Excerpts from a dataset:

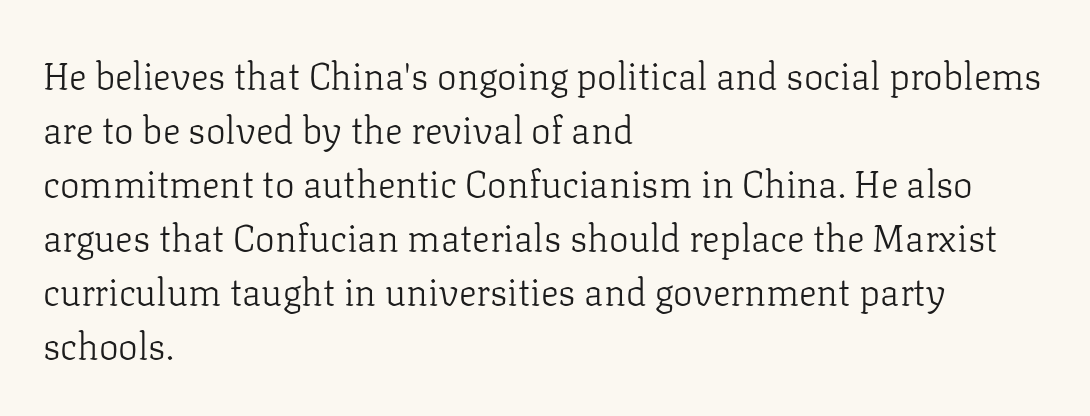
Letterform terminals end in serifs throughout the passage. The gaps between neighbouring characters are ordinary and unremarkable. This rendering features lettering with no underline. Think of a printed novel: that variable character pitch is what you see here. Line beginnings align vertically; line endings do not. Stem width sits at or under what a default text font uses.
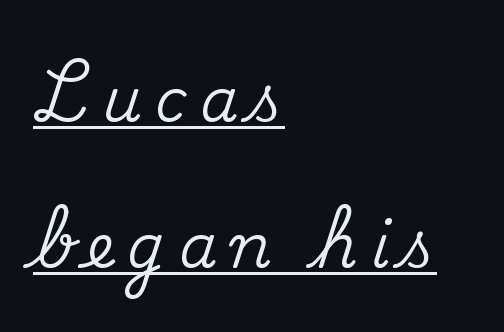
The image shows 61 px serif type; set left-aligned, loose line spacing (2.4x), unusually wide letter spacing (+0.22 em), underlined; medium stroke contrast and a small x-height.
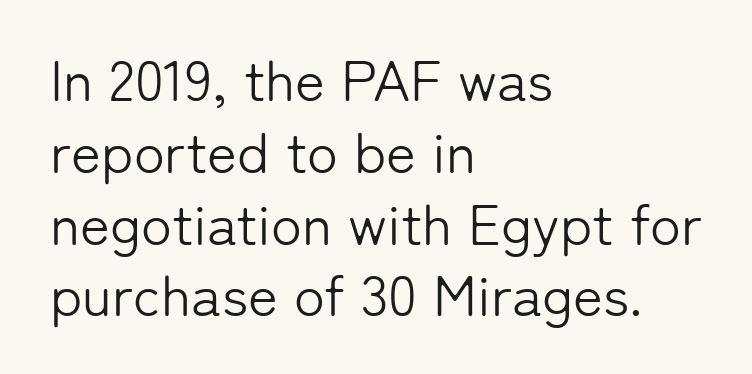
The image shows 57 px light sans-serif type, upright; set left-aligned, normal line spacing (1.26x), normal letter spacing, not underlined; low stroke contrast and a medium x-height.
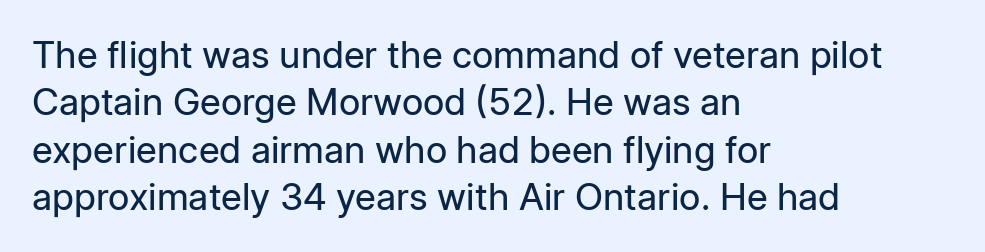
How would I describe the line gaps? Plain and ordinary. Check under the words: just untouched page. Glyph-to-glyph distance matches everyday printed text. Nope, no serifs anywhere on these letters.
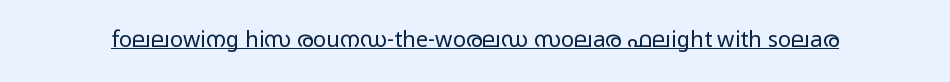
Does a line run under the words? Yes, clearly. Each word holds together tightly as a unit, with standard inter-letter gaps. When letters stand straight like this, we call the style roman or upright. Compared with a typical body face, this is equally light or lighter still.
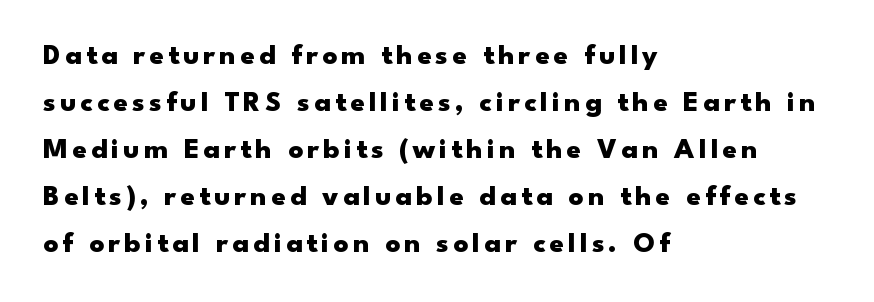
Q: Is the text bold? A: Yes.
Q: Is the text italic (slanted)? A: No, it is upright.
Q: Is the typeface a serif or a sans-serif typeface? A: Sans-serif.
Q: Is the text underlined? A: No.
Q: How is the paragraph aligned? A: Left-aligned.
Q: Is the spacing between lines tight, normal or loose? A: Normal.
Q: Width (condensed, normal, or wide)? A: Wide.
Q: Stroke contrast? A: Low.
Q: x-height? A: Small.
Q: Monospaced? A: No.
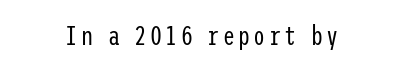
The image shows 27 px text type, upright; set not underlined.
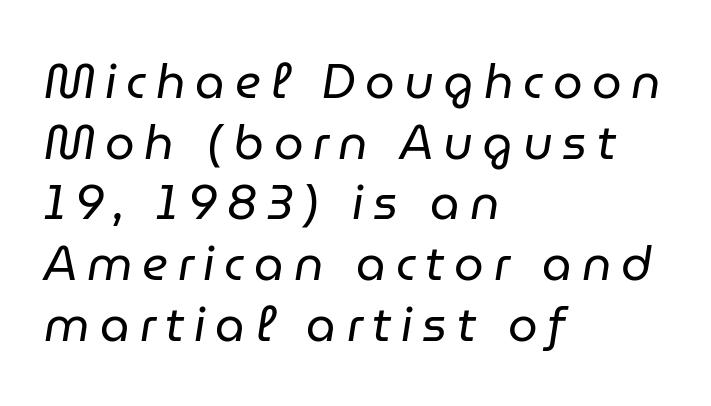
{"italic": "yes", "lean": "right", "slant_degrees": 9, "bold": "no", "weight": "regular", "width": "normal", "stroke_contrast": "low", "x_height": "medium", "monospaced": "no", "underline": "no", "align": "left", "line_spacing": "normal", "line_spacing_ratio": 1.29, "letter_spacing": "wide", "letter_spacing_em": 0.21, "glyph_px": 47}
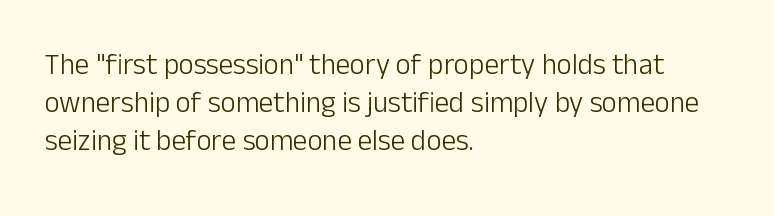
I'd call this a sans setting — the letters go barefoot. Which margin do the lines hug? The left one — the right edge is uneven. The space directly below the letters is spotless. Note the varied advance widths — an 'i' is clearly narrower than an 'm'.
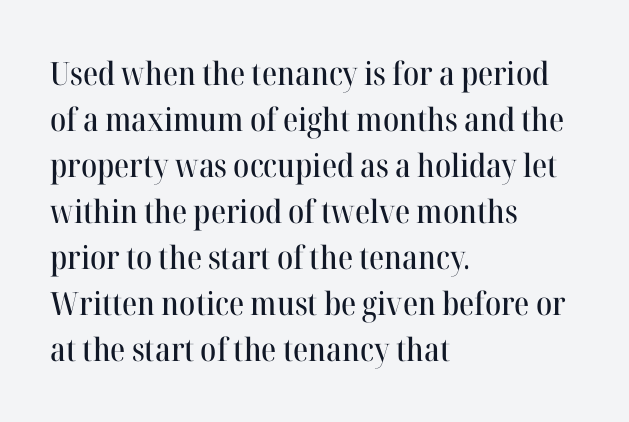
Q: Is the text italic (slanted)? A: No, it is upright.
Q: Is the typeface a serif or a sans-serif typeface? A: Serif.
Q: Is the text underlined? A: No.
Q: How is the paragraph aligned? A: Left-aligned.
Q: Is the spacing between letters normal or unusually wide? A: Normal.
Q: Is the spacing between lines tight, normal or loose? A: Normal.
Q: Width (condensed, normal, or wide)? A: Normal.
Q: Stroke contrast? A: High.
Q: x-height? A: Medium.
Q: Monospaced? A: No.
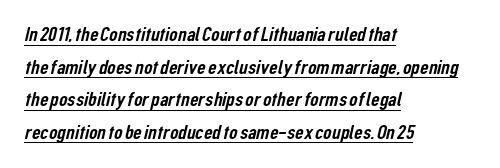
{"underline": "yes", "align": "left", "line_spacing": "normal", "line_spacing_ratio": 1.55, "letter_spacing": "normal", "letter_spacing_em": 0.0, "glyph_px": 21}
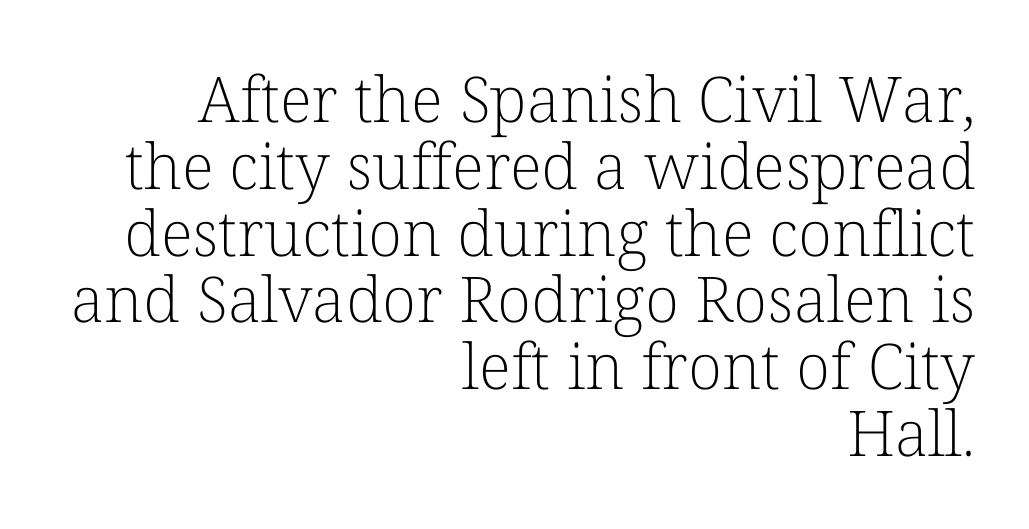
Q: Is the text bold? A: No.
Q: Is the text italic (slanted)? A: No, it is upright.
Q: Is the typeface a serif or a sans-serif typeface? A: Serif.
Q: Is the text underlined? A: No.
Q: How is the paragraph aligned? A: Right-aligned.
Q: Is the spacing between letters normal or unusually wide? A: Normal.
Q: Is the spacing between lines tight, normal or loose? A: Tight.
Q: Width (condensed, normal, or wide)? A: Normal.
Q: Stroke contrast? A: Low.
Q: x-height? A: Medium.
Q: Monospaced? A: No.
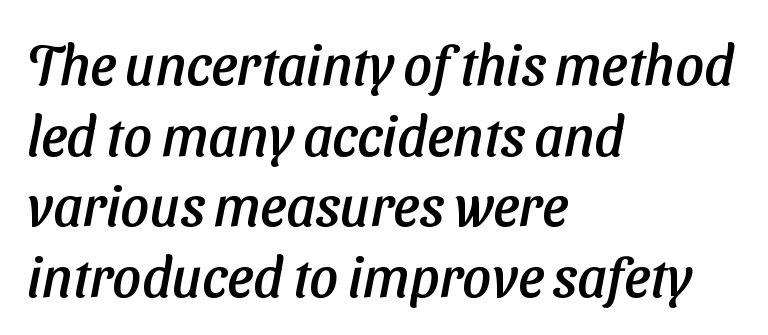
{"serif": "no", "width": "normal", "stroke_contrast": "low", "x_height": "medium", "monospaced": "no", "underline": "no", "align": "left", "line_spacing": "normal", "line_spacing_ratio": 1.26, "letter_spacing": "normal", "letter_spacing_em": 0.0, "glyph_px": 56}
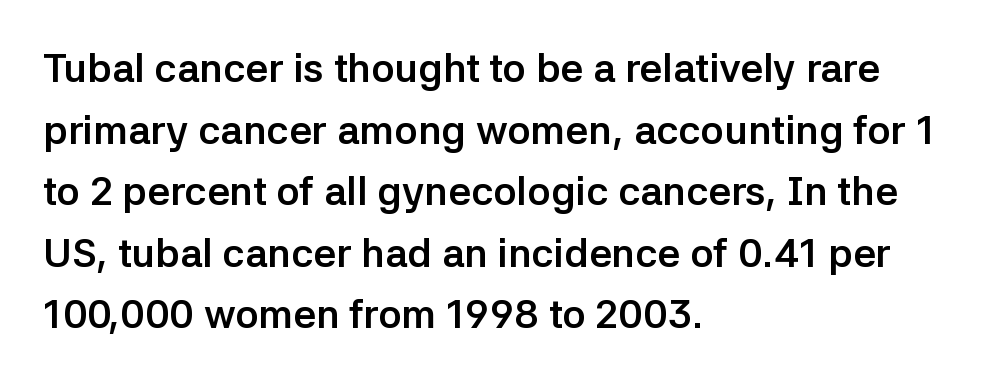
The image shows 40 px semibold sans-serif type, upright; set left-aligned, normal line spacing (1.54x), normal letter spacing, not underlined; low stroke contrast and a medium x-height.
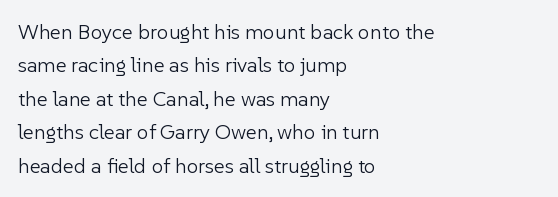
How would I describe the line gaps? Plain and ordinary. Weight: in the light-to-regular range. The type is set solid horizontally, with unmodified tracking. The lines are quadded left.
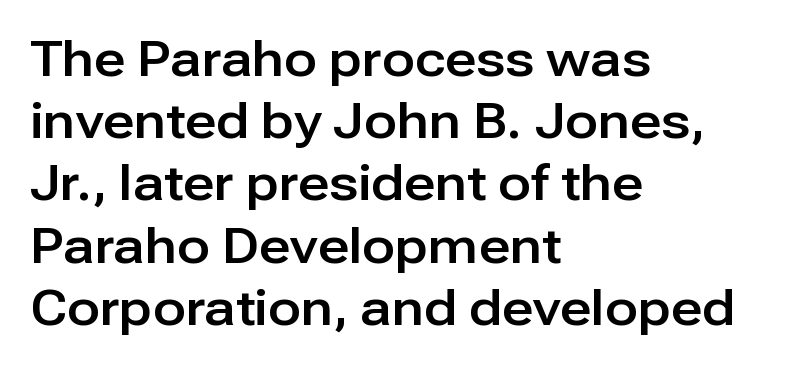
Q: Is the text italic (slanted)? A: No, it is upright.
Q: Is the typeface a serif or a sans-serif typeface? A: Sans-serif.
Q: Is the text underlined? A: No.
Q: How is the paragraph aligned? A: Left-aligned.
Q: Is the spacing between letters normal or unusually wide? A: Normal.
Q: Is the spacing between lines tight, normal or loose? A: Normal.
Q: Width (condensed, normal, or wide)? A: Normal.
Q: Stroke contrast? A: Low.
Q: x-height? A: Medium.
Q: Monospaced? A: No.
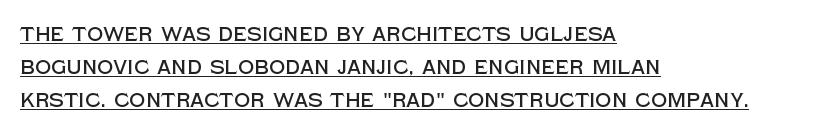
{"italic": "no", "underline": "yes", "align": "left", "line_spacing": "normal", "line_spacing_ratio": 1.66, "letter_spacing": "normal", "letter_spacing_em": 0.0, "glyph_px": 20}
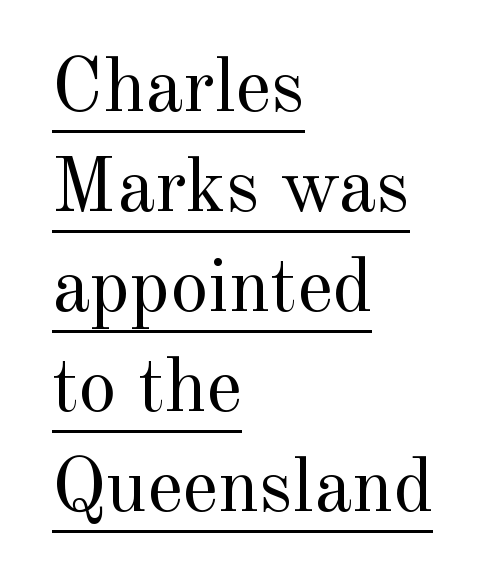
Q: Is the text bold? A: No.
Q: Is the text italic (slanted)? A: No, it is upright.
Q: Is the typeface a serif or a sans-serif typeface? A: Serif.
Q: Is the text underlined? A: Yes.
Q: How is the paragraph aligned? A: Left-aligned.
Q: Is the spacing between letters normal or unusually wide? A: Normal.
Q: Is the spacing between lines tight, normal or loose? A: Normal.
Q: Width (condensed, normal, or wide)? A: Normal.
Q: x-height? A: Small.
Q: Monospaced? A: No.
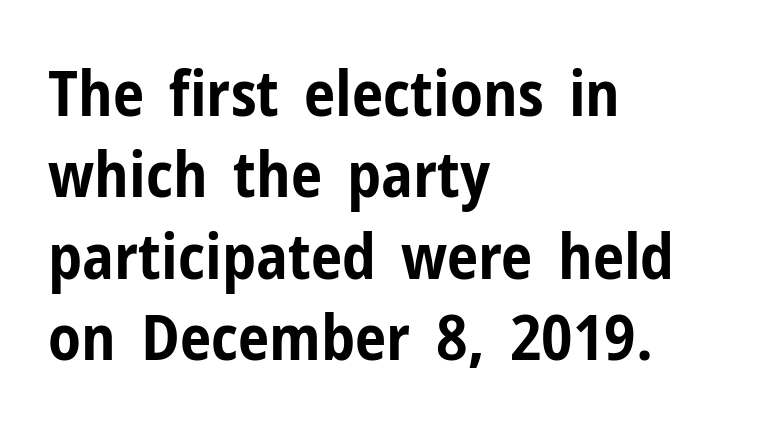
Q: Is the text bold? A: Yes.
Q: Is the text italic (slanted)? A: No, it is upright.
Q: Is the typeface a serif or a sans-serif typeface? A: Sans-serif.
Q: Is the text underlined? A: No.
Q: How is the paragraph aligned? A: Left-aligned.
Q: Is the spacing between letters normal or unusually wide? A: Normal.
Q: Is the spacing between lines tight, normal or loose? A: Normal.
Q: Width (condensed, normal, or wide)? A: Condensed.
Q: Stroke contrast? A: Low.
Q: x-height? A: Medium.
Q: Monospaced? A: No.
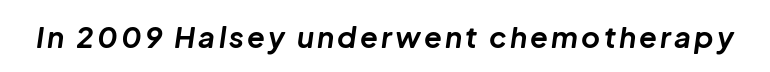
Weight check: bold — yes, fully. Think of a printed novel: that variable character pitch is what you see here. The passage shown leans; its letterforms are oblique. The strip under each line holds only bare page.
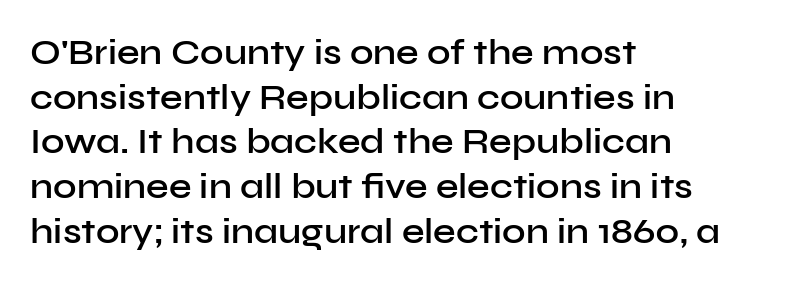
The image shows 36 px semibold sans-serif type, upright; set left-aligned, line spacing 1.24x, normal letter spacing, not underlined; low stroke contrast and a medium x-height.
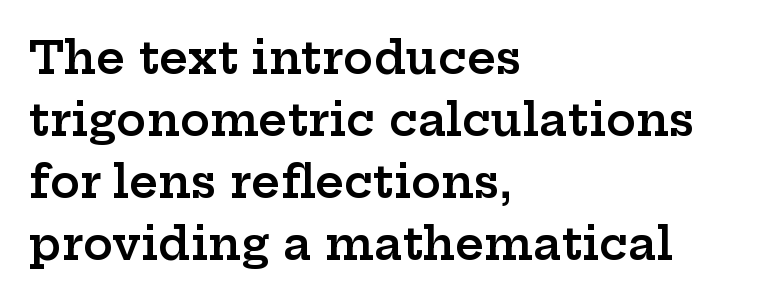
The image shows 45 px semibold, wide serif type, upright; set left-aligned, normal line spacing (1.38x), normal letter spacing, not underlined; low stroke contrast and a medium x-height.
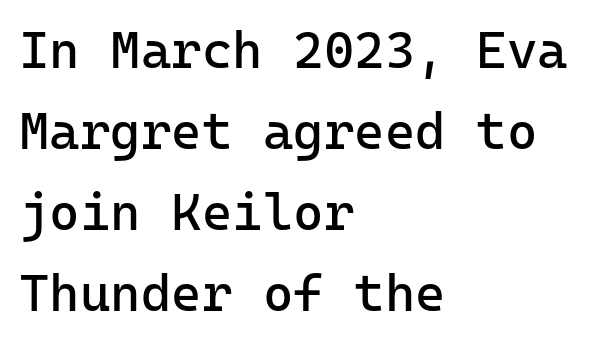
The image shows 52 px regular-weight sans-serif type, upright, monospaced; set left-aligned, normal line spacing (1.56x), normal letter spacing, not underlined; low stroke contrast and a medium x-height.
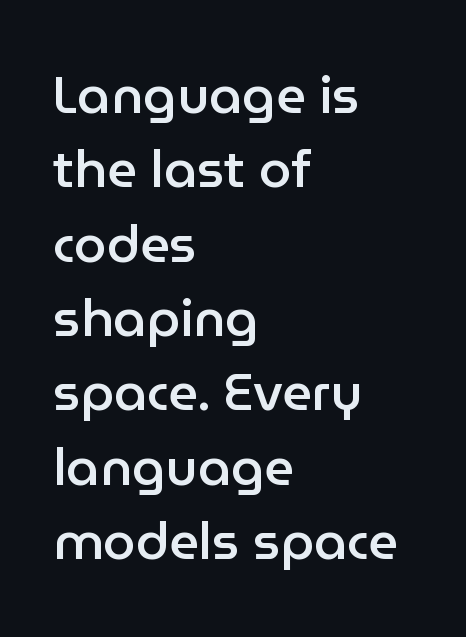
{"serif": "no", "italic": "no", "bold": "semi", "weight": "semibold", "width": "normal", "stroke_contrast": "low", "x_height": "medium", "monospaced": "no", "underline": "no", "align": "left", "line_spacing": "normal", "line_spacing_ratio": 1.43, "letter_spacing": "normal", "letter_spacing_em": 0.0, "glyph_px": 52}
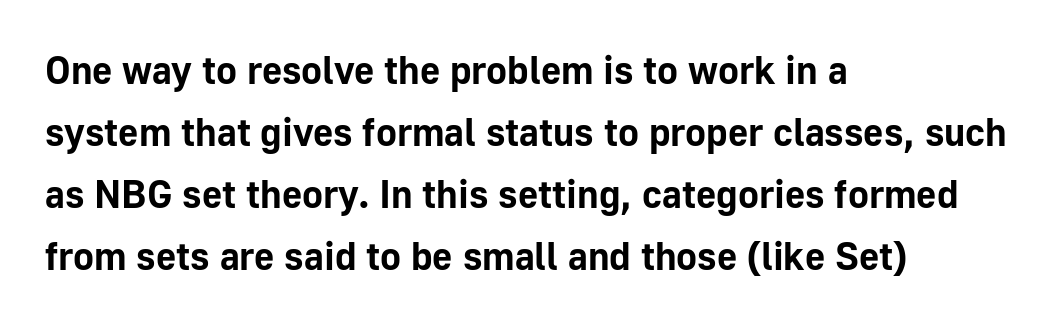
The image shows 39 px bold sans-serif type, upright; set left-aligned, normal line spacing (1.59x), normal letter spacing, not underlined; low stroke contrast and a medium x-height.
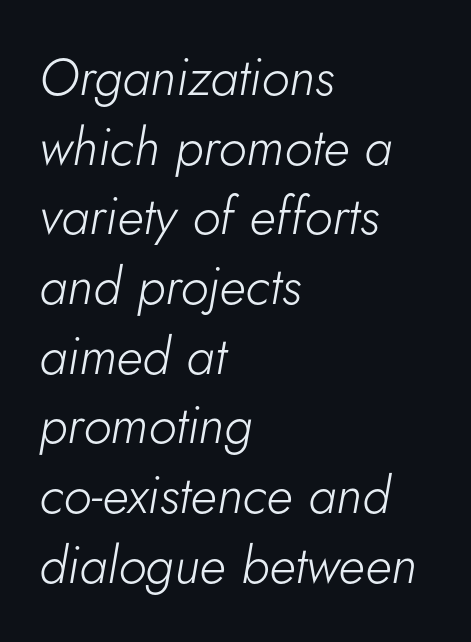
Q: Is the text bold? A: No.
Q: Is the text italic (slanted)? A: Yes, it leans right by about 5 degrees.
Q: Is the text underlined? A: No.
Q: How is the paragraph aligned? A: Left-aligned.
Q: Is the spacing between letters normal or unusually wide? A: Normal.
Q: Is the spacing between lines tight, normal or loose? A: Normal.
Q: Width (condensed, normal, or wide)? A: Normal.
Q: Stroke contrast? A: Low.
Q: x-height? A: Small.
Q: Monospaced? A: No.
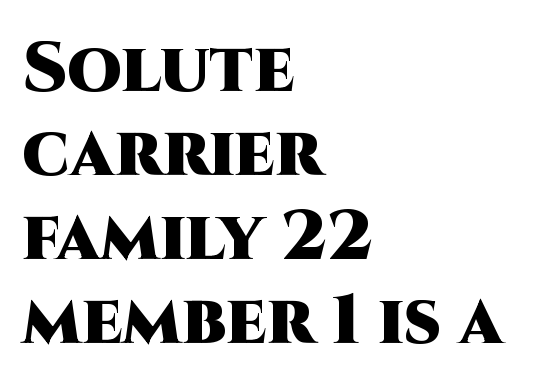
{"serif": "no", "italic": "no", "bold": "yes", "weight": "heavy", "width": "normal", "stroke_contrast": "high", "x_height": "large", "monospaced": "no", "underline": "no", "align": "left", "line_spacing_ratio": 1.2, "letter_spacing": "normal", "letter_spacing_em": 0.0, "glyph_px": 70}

- **About this task**: Print the data above exactly, from its first line to the line bearing "How would I describe the line gaps? Plain and ordinary. Check" inclusive, and keep pictures out of the result.

- **Output for this exercise**:
Letterform terminals end in serifs throughout the passage. The gaps between neighbouring characters are ordinary and unremarkable. This rendering features lettering with no underline. Think of a printed novel: that variable character pitch is what you see here. Line beginnings align vertically; line endings do not. Stem width sits at or under what a default text font uses.
The image shows 61 px serif type; set left-aligned, loose line spacing (2.4x), unusually wide letter spacing (+0.22 em), underlined; medium stroke contrast and a small x-height.
The image shows 57 px light sans-serif type, upright; set left-aligned, normal line spacing (1.26x), normal letter spacing, not underlined; low stroke contrast and a medium x-height.
How would I describe the line gaps? Plain and ordinary. Check under the words: just untouched page. Glyph-to-glyph distance matches everyday printed text. Nope, no serifs anywhere on these letters.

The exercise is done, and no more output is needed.